- DATASET
::::::::

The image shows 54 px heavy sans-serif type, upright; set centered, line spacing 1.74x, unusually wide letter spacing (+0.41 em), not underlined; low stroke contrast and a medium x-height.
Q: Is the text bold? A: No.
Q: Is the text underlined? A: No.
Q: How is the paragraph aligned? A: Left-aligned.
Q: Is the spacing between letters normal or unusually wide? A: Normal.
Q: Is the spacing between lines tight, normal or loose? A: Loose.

::::::::

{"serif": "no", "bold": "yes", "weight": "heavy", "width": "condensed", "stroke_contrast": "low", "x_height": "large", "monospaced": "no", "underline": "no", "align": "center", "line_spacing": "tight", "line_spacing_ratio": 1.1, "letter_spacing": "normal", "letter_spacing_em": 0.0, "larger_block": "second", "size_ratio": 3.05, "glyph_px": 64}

::::::::

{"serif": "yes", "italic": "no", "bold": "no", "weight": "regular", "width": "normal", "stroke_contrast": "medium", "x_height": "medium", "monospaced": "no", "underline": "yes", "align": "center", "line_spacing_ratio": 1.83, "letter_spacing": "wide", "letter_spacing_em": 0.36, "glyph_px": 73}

::::::::

- WORK ORDER
In the data above, find the line that contains "Q: Is the text bold? A: No." and the line that contains "Q: Is the spacing between lines". Repeat exactly those lines and every line between them, and only those.

- REPLY TO THE EXERCISE
Q: Is the text bold? A: No.
Q: Is the text underlined? A: No.
Q: How is the paragraph aligned? A: Left-aligned.
Q: Is the spacing between letters normal or unusually wide? A: Normal.
Q: Is the spacing between lines tight, normal or loose? A: Loose.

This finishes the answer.